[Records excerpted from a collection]
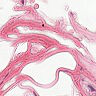
Metastatic tissue present: no
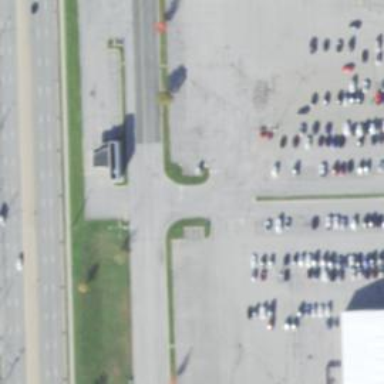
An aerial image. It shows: Asphalt road designated for service vehicles.
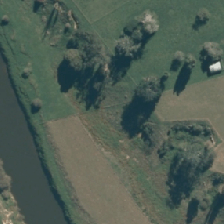
Land cover: lake_pond
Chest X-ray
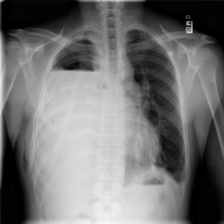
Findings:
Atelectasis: negative
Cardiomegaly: negative
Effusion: negative
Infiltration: negative
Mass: negative
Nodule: negative
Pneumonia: negative
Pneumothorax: negative
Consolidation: negative
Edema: negative
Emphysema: negative
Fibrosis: negative
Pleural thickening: negative
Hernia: negative
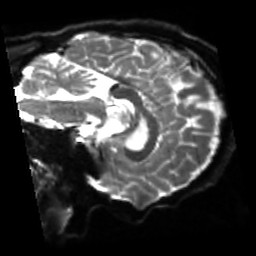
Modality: sbref
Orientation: sagittal
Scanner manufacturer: siemens
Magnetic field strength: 3 T
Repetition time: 4 s
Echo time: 0.0594 s
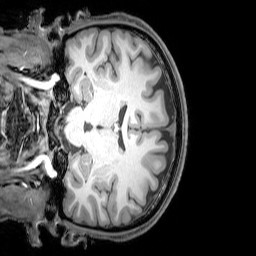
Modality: T1w
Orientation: coronal
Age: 24
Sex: male
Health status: healthy
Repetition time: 0.081 s
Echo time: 0.037 s
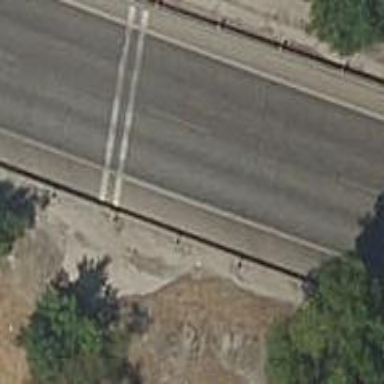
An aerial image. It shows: Motorway link.

• [What the task requires]:
From the line containing "Edema: negative" down to the final line of the records above, restate every line word for word, add nothing, and skip the pictures.

• [Answer section]:
Edema: negative
Emphysema: negative
Fibrosis: negative
Pleural thickening: negative
Hernia: negative
Modality: sbref
Orientation: sagittal
Scanner manufacturer: siemens
Magnetic field strength: 3 T
Repetition time: 4 s
Echo time: 0.0594 s
Modality: T1w
Orientation: coronal
Age: 24
Sex: male
Health status: healthy
Repetition time: 0.081 s
Echo time: 0.037 s
An aerial image. It shows: Motorway link.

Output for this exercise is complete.